主人公である先住犬の柴犬「テツ」は、新参者の子犬の存在にむくれたり動揺したりと、漫画的なキャラクターとして描かれる。

「テツというキャラクター自体は『嫉妬』というテーマで描こうと決めていたので、多少オーバーに感情の起伏を表現しました」と、感情表現に重きを置いたと話すさく兵衛さん。

その一方で、畳の上でよじれる仕草や、じっと子犬を見るたたずまいなど、実際の柴犬らしさを感じるカットも多い。

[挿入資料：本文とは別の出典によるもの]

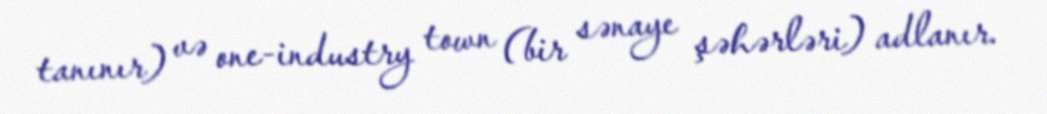
tanınır) və one-industry town (bir sənaye şəhərləri) adlanır.
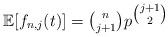
LaTeX: \begin{align*}\mathbb{E}[f_{n, j}(t)] = \tbinom{n}{j + 1} p^{\tbinom{j + 1}{2}}\end{align*}
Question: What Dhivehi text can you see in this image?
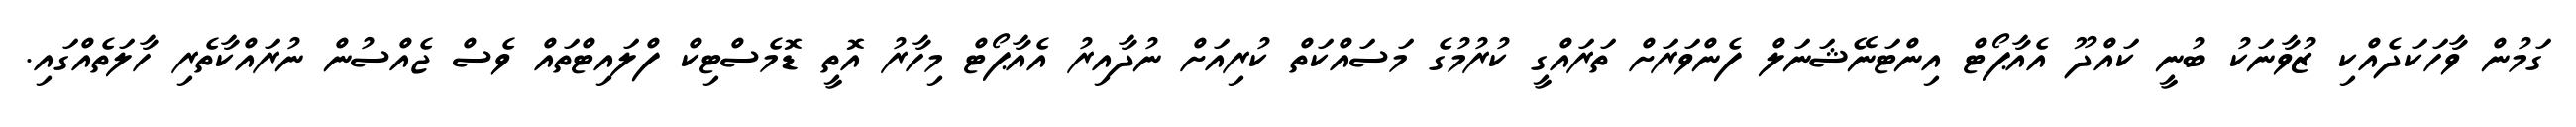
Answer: ގަމުން ވާހަކަދެއްކި ޒުވާނަކު ބުނީ ކައްދޫ އެއާޕޯޓް އިންޓަނޭޝަނަލް ފެންވަރަށް ތަރައްގީ ކުރުމުގެ މަސައްކަތް ކުރިއަށް ނުދާއިރު އެއާޕޯޓް މިހާރު އޮތީ ޑޮމެސްޓިކް ފްލައިޓްތައް ވެސް ޖެއްސުން ނުރައްކާތެރި ހާލަތެއްގައި.
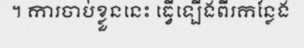
។ ការចាប់ខ្លួននេះ ធ្វើឡើងពីរកន្លែង
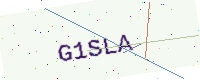
Text: G1SLA
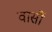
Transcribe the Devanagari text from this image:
वार्सौ
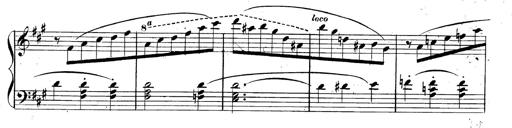
Title: 3 Caprices-Valses
Composer: Franz Liszt

こうした犬らしさの表現は、実家で飼っていた柴犬の様子が取り入れられているという。

「君は最高の相棒」(06)さく兵衛(@sakubetaro)


「気づくとじっとこちらを見ているので、そういう仕草が今回の漫画にも反映されているのだと思います。犬が見せる人間臭さ、たとえば自分のことをかわいいとわかったうえで甘えるポーズをするなどの仕草が好きなので、そこを意識しました」

そうして作品を描く中で、「登場人物の感情を最初に決めて描いたのは普段はしないアプローチでしたが、いつもよりキャラクターに感情移入してしまい、自分で考えた話なのに感極まって泣きながら描くことになってしまいました」と、自身でも心が動かされたと話すさく兵衛さん。

「君は最高の相棒」(08)さく兵衛(@sakubetaro)


読者からも「うちの犬もこうだったらいいな」「犬好きみんな泣きます」と感動の声が集まったことには、「私の実家にいる犬は息災ですが『この子が亡くなったとしても代わりになる子はいないな』と常々考えています。コメントをくれた方々の中にも、それぞれ大切な子がいらっしゃる方が多く、ペットといえど、それぞれにとってはかけがえのない家族だなと思っています」と思いを語った。